What is being asked:
Give back the records below exactly, every one, with no pictures.

[Given records Boundary: Start]

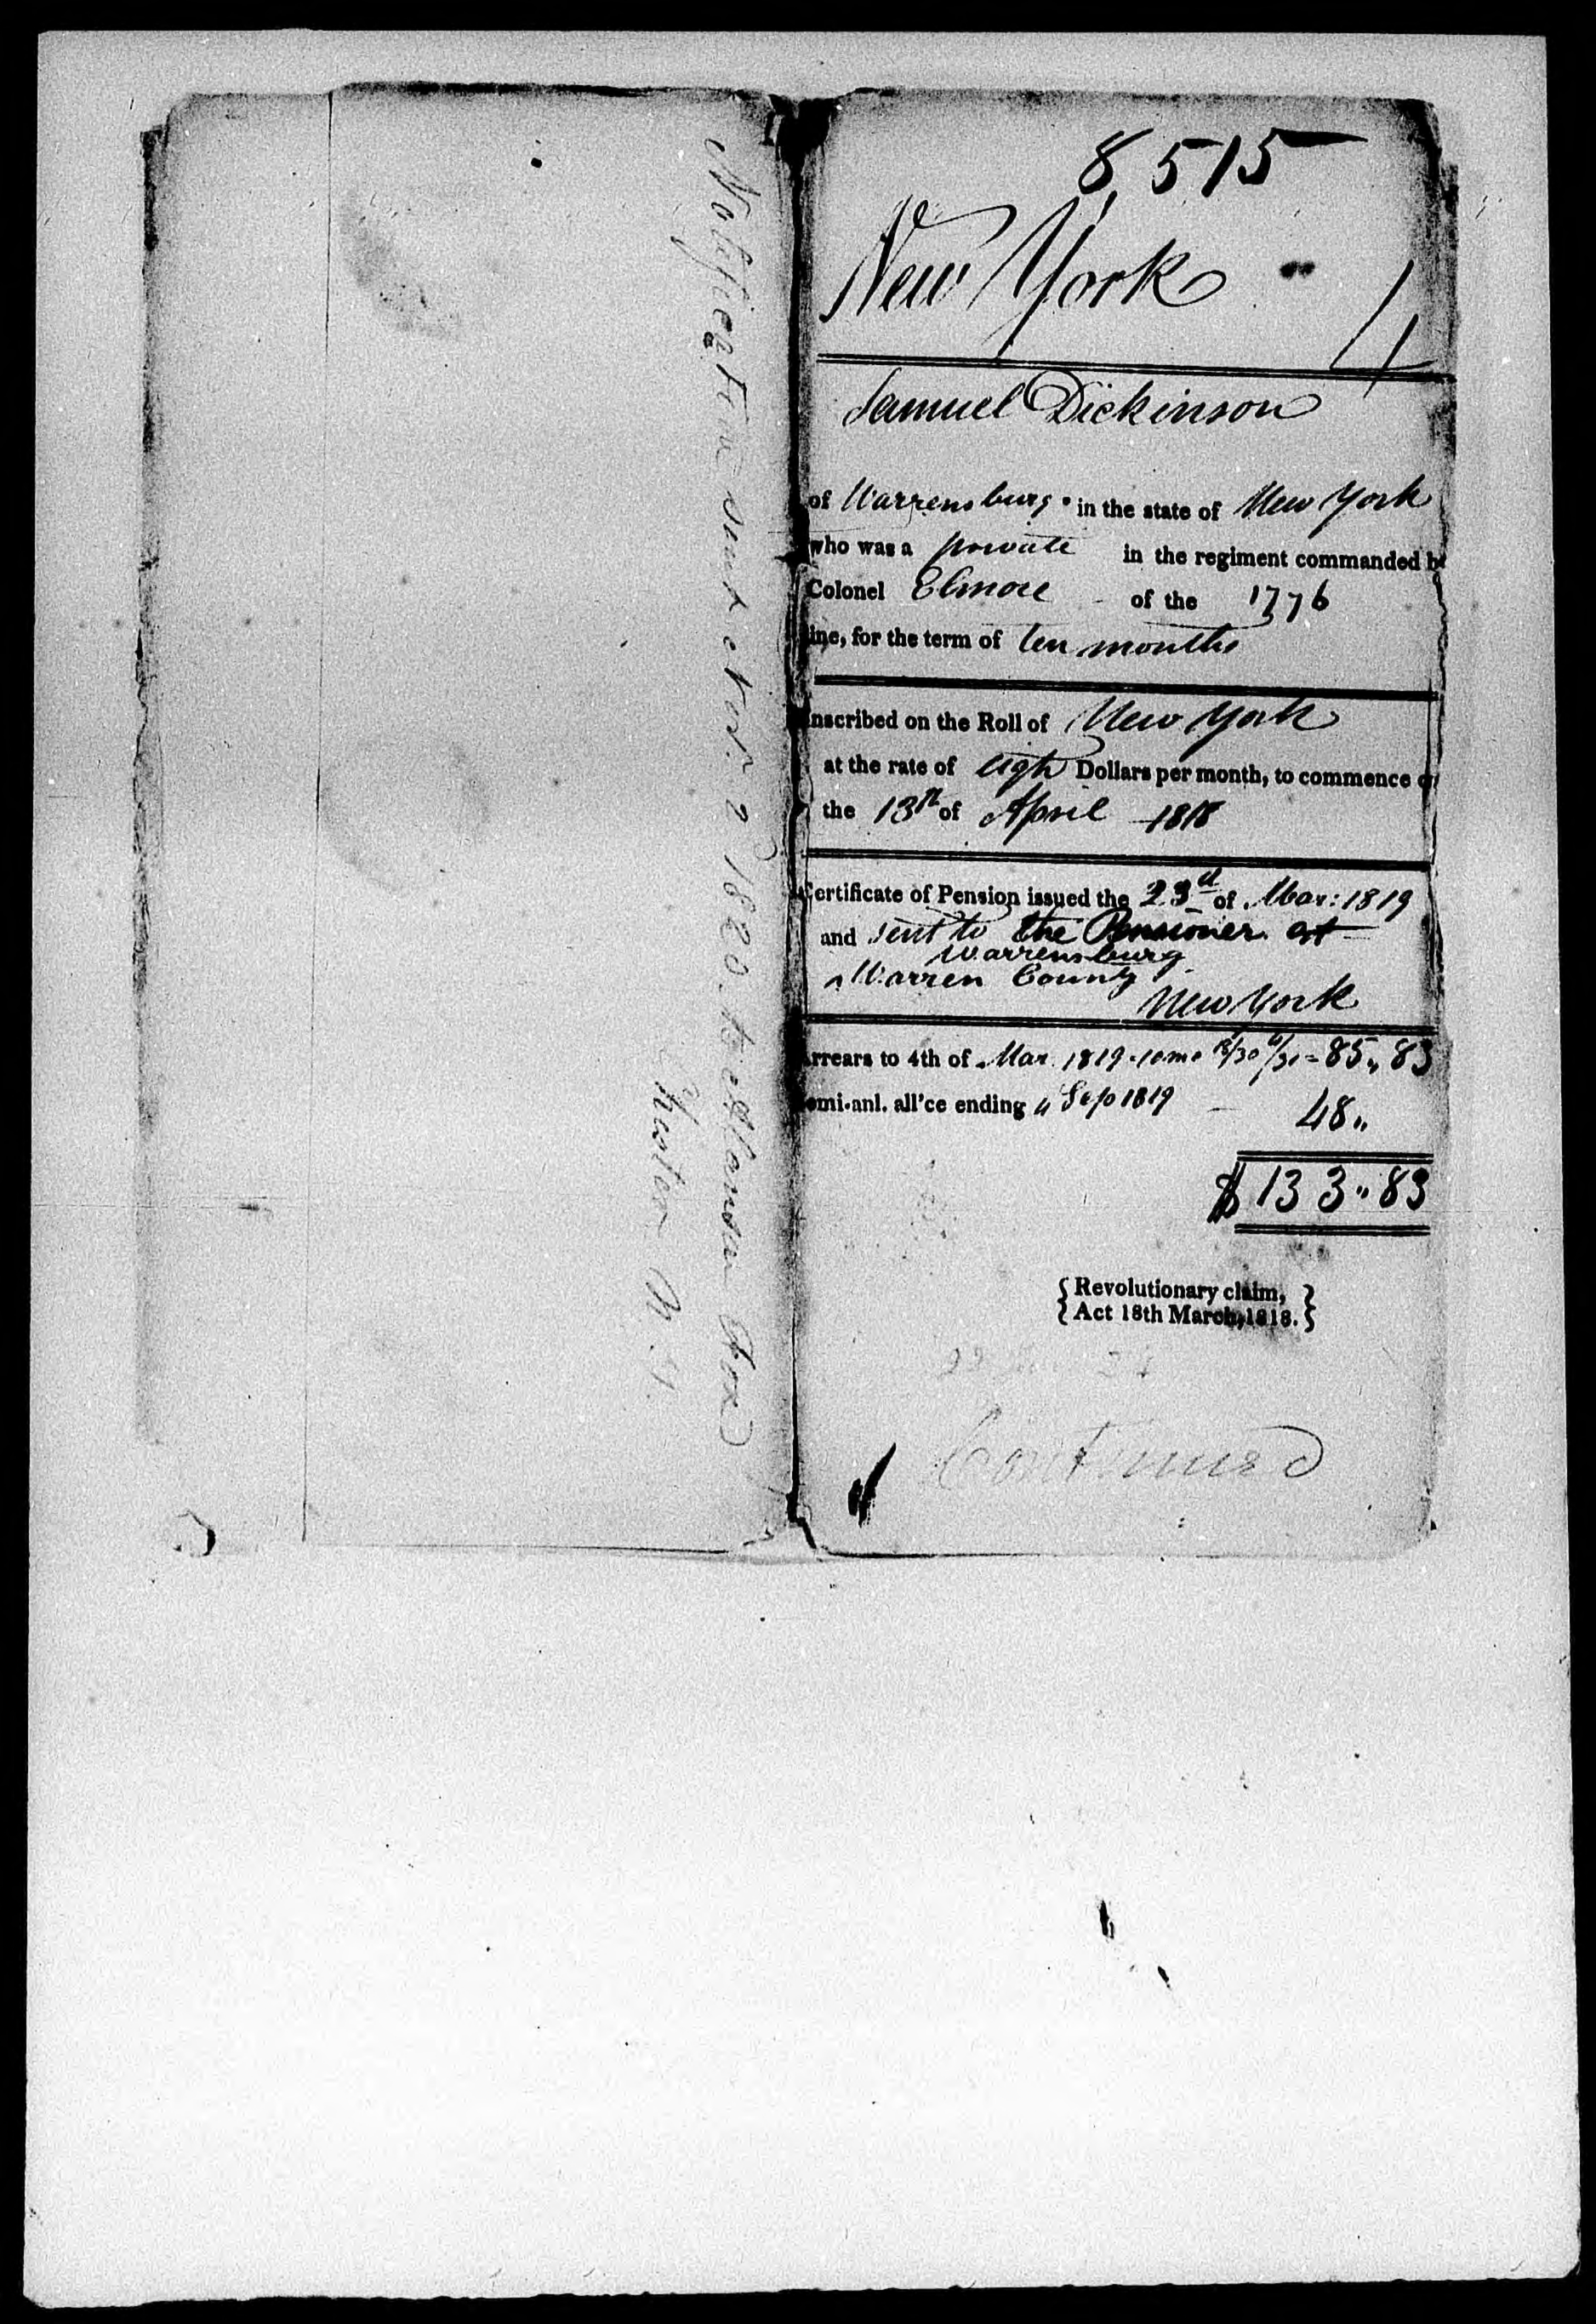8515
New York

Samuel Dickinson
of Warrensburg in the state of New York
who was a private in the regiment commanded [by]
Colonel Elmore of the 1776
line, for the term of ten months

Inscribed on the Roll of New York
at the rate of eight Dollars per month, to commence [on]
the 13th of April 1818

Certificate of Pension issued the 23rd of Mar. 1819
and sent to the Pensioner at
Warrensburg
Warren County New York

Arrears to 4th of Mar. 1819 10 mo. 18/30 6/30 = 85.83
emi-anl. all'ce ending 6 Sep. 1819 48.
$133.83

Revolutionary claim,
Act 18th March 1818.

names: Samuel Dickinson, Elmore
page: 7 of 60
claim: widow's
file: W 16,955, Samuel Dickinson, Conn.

[Given records Boundary: End]

Written reply:
8515
New York

Samuel Dickinson
of Warrensburg in the state of New York
who was a private in the regiment commanded [by]
Colonel Elmore of the 1776
line, for the term of ten months

Inscribed on the Roll of New York
at the rate of eight Dollars per month, to commence [on]
the 13th of April 1818

Certificate of Pension issued the 23rd of Mar. 1819
and sent to the Pensioner at
Warrensburg
Warren County New York

Arrears to 4th of Mar. 1819 10 mo. 18/30 6/30 = 85.83
emi-anl. all'ce ending 6 Sep. 1819 48.
$133.83

Revolutionary claim,
Act 18th March 1818.

names: Samuel Dickinson, Elmore
page: 7 of 60
claim: widow's
file: W 16,955, Samuel Dickinson, Conn.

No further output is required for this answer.